My friend was at a church service in Dayton, Ohio and the sermon was about confessing their sins. The pastor thought he was going to get people coming forward speaking of how they were slack on quiet times lately. They were surprised that the Holy Spirit started something rather unbelievable. The first guy came up and said, “I have been struggling with homosexuality for a long time and I don’t know why I cannot kick it.” This led to others coming forward like a husband who brought up his wife and wept as he admitted, “I beat my wife and I don’t want to do it anymore.” It was an amazing service and people walked out amazed by God’s grace. I am sure there were a few people that left church that day and commented in a judgmental way of those who confessed. For the most part, people praised God for his grace and mercy.

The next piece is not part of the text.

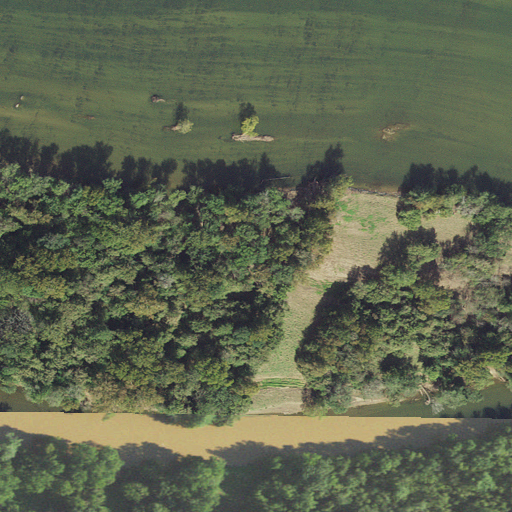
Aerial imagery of island in Maryland named Elm Island containing open water, woody wetlands, deciduous forest, mixed forest, and herbaceous wetlands

Maybe what can free us from our fear of sharing our 10 percent is wondering or knowing that it may expose our failures, but shine brighter on God’s mercy and grace. What if it takes us to admit first for others to come out and be free? What if what we think is the most unlikely information about us is the thing God wants to use the most? It is not unlike our God is it?
To:Sam
I hope that you get a chance to read this, my husband just admitted to me that he struggled and fell into the addiction to pornography and believe me that I did have a lot of negative thoughts going through my head about if he felt like I was not good enough and that sort of thing, but what helped me the most was strengthening my relationship with Jesus because her self worth can not be based on her relationship with you, it must be based on her relationship with Jesus and how He views her as loved and cherished, I don’t have the quick fix advice but if there is any way for you to help her and the relationship it’s to find a way to seek God and His healing each personally and together as husband and wife. Let me tell you that I love my husband and deeply and struggle to keep God first in my life b/c I love my husband that much and I have forgiven him and after seven years of marriage the past month has been the most intimate. And that might sound sad to you but I’m never been happier in my life. Hope that helps.